● **WHAT IS REQUIRED**: Search the entries below for "block". Report each line where it occurs.

━━━━━ LISTED ENTRIES

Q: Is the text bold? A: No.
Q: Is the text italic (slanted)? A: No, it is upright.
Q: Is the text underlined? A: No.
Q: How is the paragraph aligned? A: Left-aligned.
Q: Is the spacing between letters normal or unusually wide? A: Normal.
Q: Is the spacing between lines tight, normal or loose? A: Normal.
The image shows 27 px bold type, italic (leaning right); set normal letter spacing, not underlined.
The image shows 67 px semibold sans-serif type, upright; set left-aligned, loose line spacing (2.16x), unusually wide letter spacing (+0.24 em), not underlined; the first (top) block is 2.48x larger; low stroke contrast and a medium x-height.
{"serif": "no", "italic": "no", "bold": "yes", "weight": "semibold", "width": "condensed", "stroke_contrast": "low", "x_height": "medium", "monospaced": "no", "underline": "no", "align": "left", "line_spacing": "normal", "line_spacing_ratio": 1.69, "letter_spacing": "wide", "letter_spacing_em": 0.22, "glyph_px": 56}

━━━━━━━━━━
━━━━━ LISTED ENTRIES

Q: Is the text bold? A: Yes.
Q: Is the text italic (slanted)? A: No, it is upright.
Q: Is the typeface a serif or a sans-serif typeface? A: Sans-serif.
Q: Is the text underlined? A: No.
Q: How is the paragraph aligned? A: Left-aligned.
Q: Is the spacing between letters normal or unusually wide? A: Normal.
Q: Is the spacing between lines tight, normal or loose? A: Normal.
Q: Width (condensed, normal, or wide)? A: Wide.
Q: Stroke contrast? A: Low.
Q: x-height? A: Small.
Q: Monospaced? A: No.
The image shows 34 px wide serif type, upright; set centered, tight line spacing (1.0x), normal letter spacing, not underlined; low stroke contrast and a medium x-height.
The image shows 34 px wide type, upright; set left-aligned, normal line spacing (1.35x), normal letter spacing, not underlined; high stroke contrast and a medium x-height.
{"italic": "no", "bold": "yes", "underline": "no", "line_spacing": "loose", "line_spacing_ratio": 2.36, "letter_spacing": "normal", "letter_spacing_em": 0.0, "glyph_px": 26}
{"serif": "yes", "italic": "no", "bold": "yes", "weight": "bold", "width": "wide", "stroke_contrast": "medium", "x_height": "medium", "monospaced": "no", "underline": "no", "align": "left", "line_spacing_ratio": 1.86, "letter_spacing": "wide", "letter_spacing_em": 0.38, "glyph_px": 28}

━━━━━━━━━━
━━━━━ LISTED ENTRIES

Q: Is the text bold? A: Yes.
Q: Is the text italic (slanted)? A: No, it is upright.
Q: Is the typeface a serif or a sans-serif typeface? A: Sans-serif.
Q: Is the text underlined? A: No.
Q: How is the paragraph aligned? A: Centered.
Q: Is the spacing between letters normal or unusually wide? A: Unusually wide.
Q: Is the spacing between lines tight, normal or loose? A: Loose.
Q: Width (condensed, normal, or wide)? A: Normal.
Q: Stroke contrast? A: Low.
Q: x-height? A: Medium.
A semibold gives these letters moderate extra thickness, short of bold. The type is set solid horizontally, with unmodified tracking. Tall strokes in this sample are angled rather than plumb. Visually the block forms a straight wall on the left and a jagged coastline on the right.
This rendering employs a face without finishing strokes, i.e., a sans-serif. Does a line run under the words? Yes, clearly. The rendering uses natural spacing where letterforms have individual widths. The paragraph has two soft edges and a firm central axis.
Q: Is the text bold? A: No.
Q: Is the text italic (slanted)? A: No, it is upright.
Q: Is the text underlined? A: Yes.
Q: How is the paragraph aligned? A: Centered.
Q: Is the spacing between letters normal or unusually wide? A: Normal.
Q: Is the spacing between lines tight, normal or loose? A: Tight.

━━━━━━━━━━

● **COMPLETED EXERCISE**:
The image shows 67 px semibold sans-serif type, upright; set left-aligned, loose line spacing (2.16x), unusually wide letter spacing (+0.24 em), not underlined; the first (top) block is 2.48x larger; low stroke contrast and a medium x-height.
A semibold gives these letters moderate extra thickness, short of bold. The type is set solid horizontally, with unmodified tracking. Tall strokes in this sample are angled rather than plumb. Visually the block forms a straight wall on the left and a jagged coastline on the right.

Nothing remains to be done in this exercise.